Из этого можно сделать вывод, что К. Маркс ошибся не столько в предсказании мировой пролетарской революции, сколько в определении ее конкретных результатов. Подобно тому, как буржуазно-просветительское «Царство Разума» воплотилось на практике в виде господства капитала, так и чаемая классиками марксизма диктатура пролетариата реализовалась в реальности в виде политической диктатуры государственной бюрократии, действующей от имени самых широких масс, в том числе и пролетариата, принявшего чиновничье-буржуазные ценности за свои собственные. В последнем обстоятельстве заключается существенное свойство данной системы: она выступает как практическая иллюзия народовластия. Эта иллюзия (воплощенная в идеологемах «правового государства» или «рабоче-крестьянского государства») не случайна, она имеет под собой практическое основание. В рамках данного общества впервые в мировой истории экономическое, политическое и культурное развитие стало отражать в той или иной степени последовательности интересы непосредственных производителей, субъекта труда. «Общество потребления» потому и является таковым, что представляет собой экономическую диктатуру пролетариата. Социально-психологической основой его является массовый платежеспособный потребитель, имеющий относительно развитые личные потребности. Но благодаря чему они удовлетворяются? Благодаря тому, что рынок здесь управляется экономическими, политическими и правовыми рычагами, благодаря тому, что рынок стал частью механизма сознательного опосредования социальных связей, где буржуазно-бюрократическая корпорация является главным социальным субъектом управления. На основе этого социального механизма, и, следовательно, на основе растущей роли чиновничества, сложилась система перераспределения общественного продукта, включающая в себя разного рода формы неэкономической оплаты за труд в виде социальных программ и «бесплатных» социальных услуг. Причиной роста жизненного уровня здесь стало именно это ограничение, незавершенное отрицание частной собственности и рынка в форме государственного управления.

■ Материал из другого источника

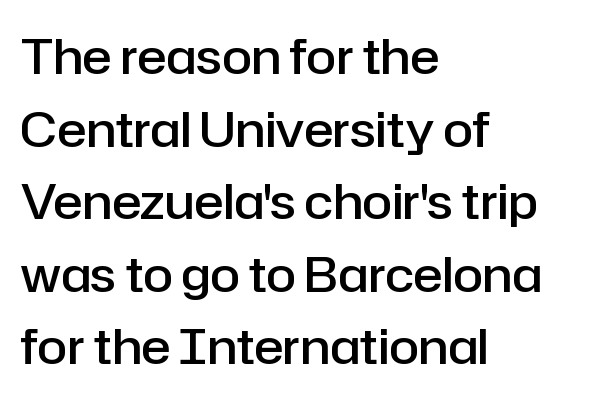
The image shows 49 px semibold sans-serif type, upright; set left-aligned, normal line spacing (1.48x), normal letter spacing, not underlined; low stroke contrast and a medium x-height.
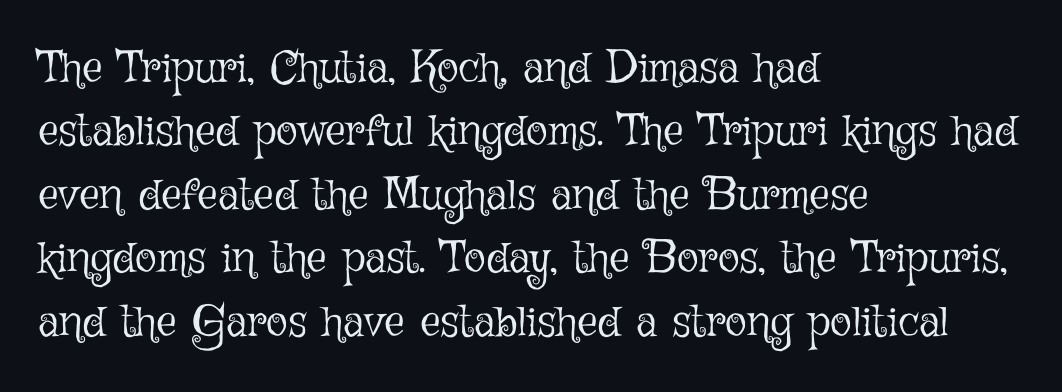
Q: Is the text bold? A: No.
Q: Is the text italic (slanted)? A: No, it is upright.
Q: Is the text underlined? A: No.
Q: How is the paragraph aligned? A: Left-aligned.
Q: Is the spacing between letters normal or unusually wide? A: Normal.
Q: Is the spacing between lines tight, normal or loose? A: Normal.
Q: Width (condensed, normal, or wide)? A: Normal.
Q: Stroke contrast? A: Low.
Q: x-height? A: Medium.
Q: Monospaced? A: No.
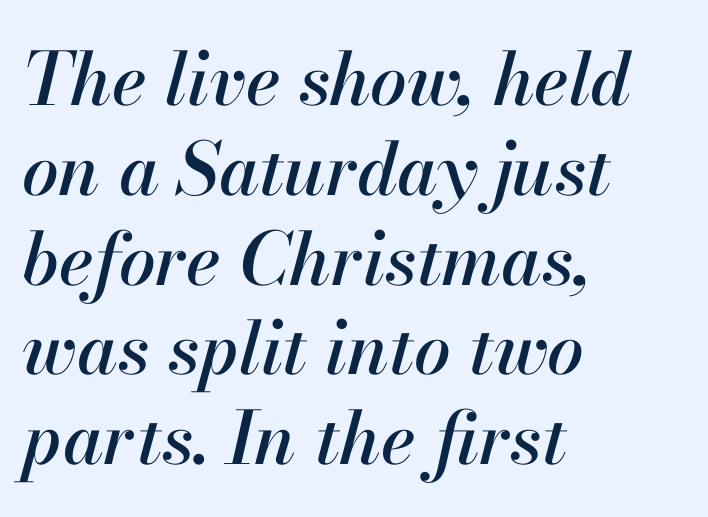
Q: Is the text italic (slanted)? A: Yes, it leans right by about 13 degrees.
Q: Is the text underlined? A: No.
Q: How is the paragraph aligned? A: Left-aligned.
Q: Is the spacing between letters normal or unusually wide? A: Normal.
Q: Width (condensed, normal, or wide)? A: Normal.
Q: Stroke contrast? A: High.
Q: x-height? A: Small.
Q: Monospaced? A: No.
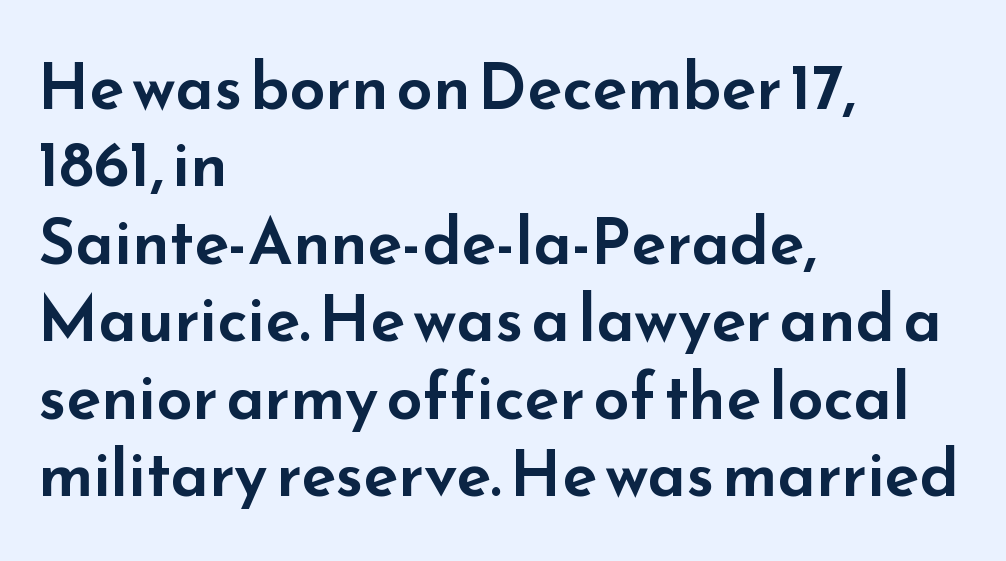
{"serif": "no", "italic": "no", "width": "wide", "stroke_contrast": "low", "x_height": "small", "monospaced": "no", "underline": "no", "align": "left", "line_spacing_ratio": 1.21, "letter_spacing": "normal", "letter_spacing_em": 0.0, "glyph_px": 64}
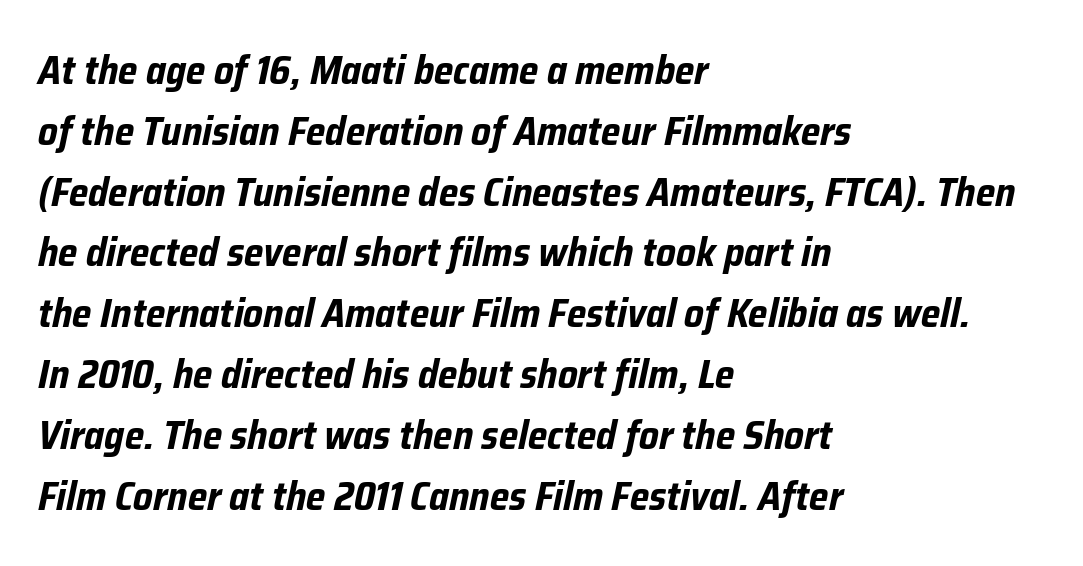
{"italic": "yes", "lean": "right", "slant_degrees": 12, "bold": "yes", "weight": "bold", "width": "condensed", "stroke_contrast": "low", "x_height": "medium", "monospaced": "no", "underline": "no", "align": "left", "line_spacing": "normal", "line_spacing_ratio": 1.52, "letter_spacing": "normal", "letter_spacing_em": 0.0, "glyph_px": 40}
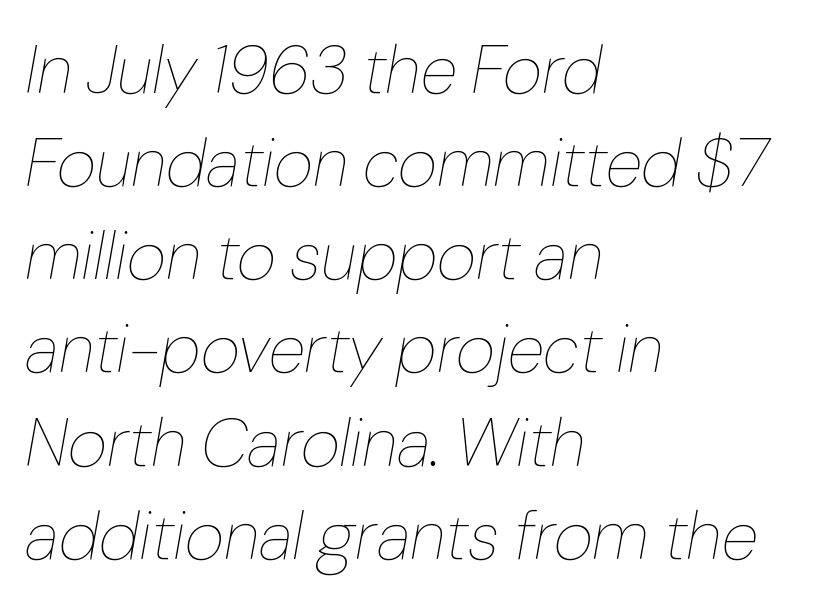
The image shows 68 px thin type, italic (leaning right); set left-aligned, normal line spacing (1.37x), normal letter spacing, not underlined; low stroke contrast and a medium x-height.
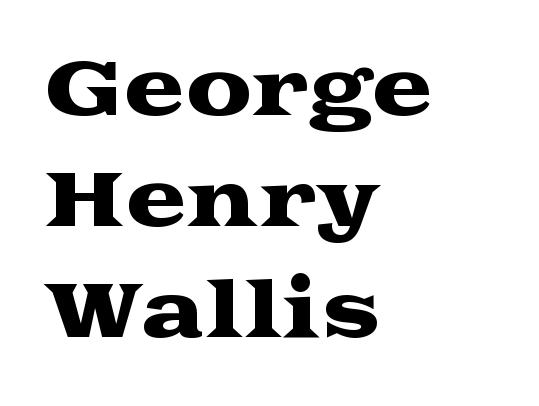
The image shows 74 px wide serif type, upright; set left-aligned, normal line spacing (1.5x), normal letter spacing, not underlined; medium stroke contrast and a medium x-height.
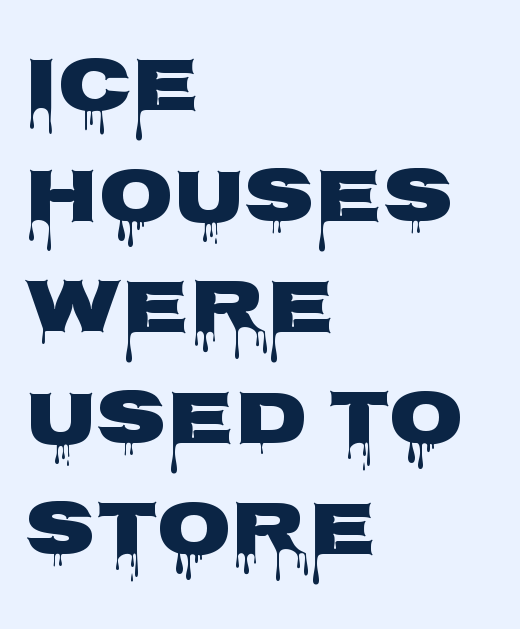
Q: Is the text italic (slanted)? A: No, it is upright.
Q: Is the typeface a serif or a sans-serif typeface? A: Sans-serif.
Q: Is the text underlined? A: No.
Q: How is the paragraph aligned? A: Left-aligned.
Q: Is the spacing between letters normal or unusually wide? A: Normal.
Q: Is the spacing between lines tight, normal or loose? A: Normal.
Q: Width (condensed, normal, or wide)? A: Wide.
Q: Stroke contrast? A: Low.
Q: x-height? A: Large.
Q: Monospaced? A: No.
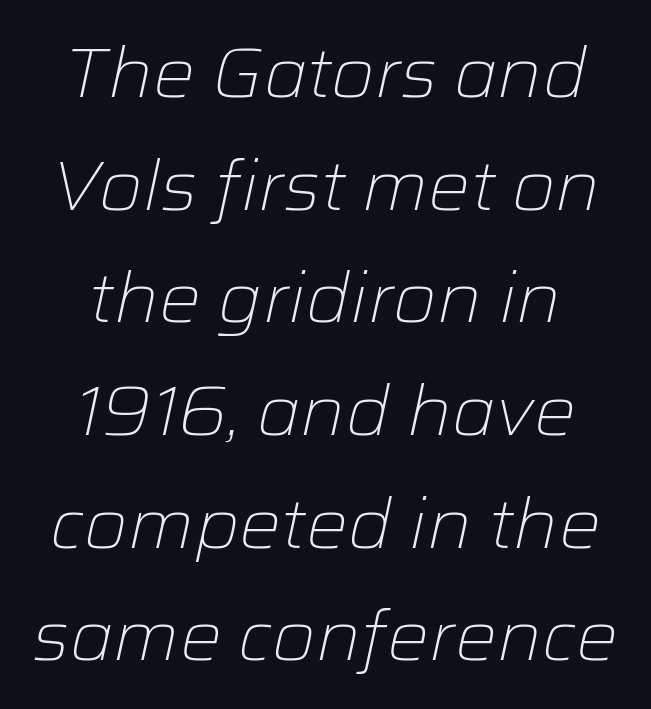
The image shows 70 px light type, italic (leaning right); set centered, normal line spacing (1.61x), normal letter spacing, not underlined; low stroke contrast and a medium x-height.
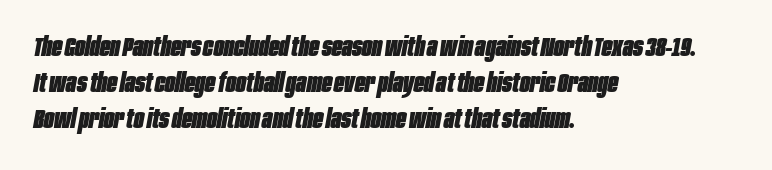
{"italic": "yes", "lean": "right", "slant_degrees": 10, "bold": "yes", "underline": "no", "align": "left", "line_spacing": "normal", "line_spacing_ratio": 1.34, "letter_spacing": "normal", "letter_spacing_em": 0.0, "glyph_px": 27}
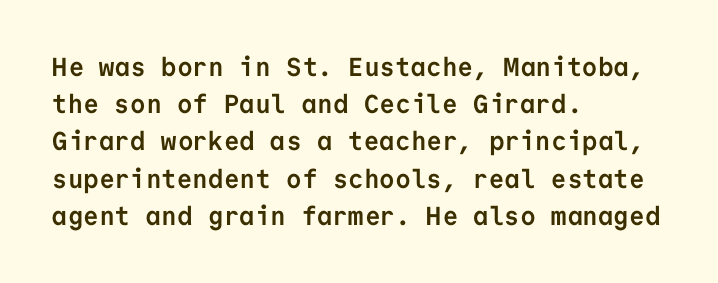
{"italic": "no", "bold": "yes", "underline": "no", "align": "left", "line_spacing": "normal", "line_spacing_ratio": 1.43, "letter_spacing": "normal", "letter_spacing_em": 0.0, "glyph_px": 26}
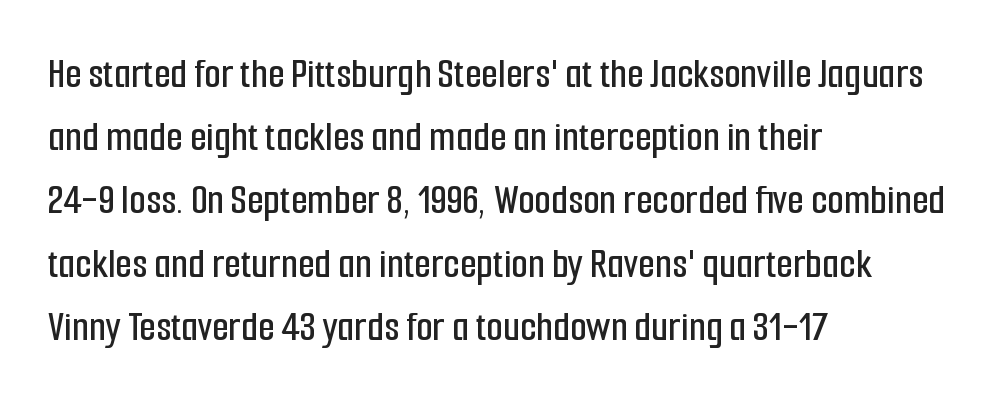
The image shows 43 px condensed sans-serif type, upright; set left-aligned, normal line spacing (1.47x), normal letter spacing, not underlined; low stroke contrast and a medium x-height.
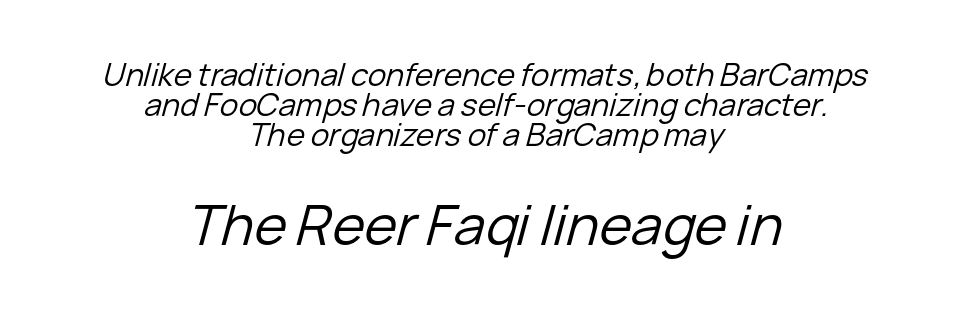
The image shows 55 px regular-weight type, italic (leaning right); set centered, tight line spacing (0.97x), normal letter spacing, not underlined; the second (bottom) block is 1.77x larger; low stroke contrast and a medium x-height.
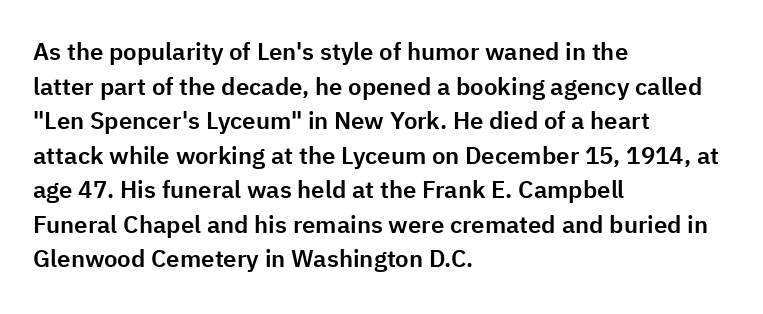
{"italic": "no", "underline": "no", "align": "left", "line_spacing": "normal", "line_spacing_ratio": 1.44, "letter_spacing": "normal", "letter_spacing_em": 0.0, "glyph_px": 24}
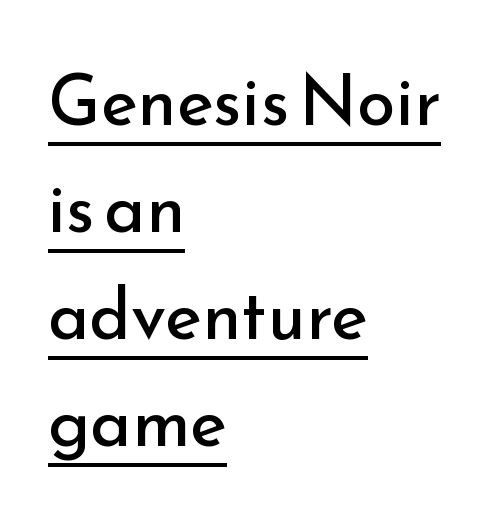
A continuous stroke trails under the words, as in a hyperlink. Check where the strokes stop: nothing finishes them off — pure sans. The designer left line spacing at the default. The rendering uses natural spacing where letterforms have individual widths. Each stroke keeps to a modest, everyday thickness or less.
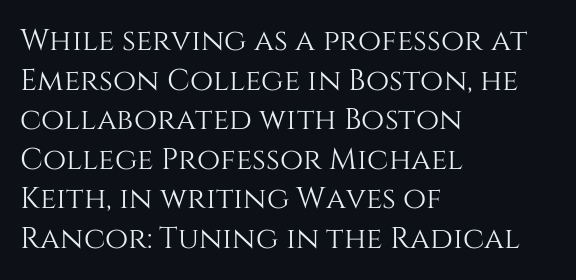
The face used here is proportionally spaced, like ordinary book or web type. If you drew a ruler down the left edge, every line would touch it. Look at the tracking — it's just the regular setting, nothing added. Summary of vertical rhythm: regular, with standard interline spacing. Descenders hang freely into open space.
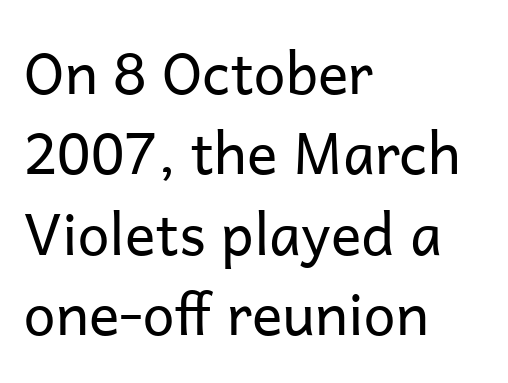
Q: Is the text bold? A: No.
Q: Is the text italic (slanted)? A: No, it is upright.
Q: Is the typeface a serif or a sans-serif typeface? A: Sans-serif.
Q: Is the text underlined? A: No.
Q: How is the paragraph aligned? A: Left-aligned.
Q: Is the spacing between letters normal or unusually wide? A: Normal.
Q: Is the spacing between lines tight, normal or loose? A: Normal.
Q: Width (condensed, normal, or wide)? A: Normal.
Q: Stroke contrast? A: Low.
Q: x-height? A: Medium.
Q: Monospaced? A: No.
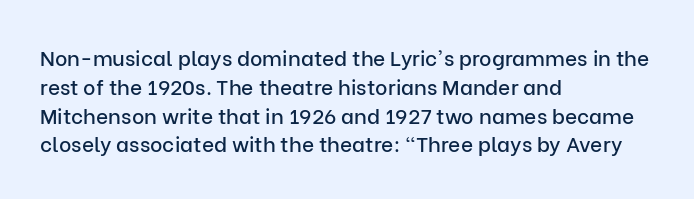
{"italic": "no", "underline": "no", "align": "left", "line_spacing": "normal", "line_spacing_ratio": 1.37, "letter_spacing": "normal", "letter_spacing_em": 0.0, "glyph_px": 21}

Все противоречия капиталистического общества здесь остаются, но дополняются (а нередко и смягчаются) отношениями административной зависимости, которые, в свою очередь, порождают новые противоречия – между управляемыми гражданами и управляющим классом. Система перераспределения дополняет систему найма в качестве нового механизма социальной репрессии: работник оказывается не только экономически зависимым от непосредственного работодателя, но и административно зависимым от государства. Он не только интегрирован в потребительскую систему «буржуазного» консъюмеризма и в «социалистические» административные связи, но является и субъектом наемного труда, участвующего в производстве капитала, пролетариатом. Т. о., он оказывается уязвимым дважды: как гражданин и как работник, но эта уязвимость – плата за относительное материальное благополучие. Это существенно снижает возможности политической самодеятельности трудящихся, что придает такому модернизированному капитализму исключительную устойчивость, демонстрируемую, несмотря на все его кризисы и структурные перестройки.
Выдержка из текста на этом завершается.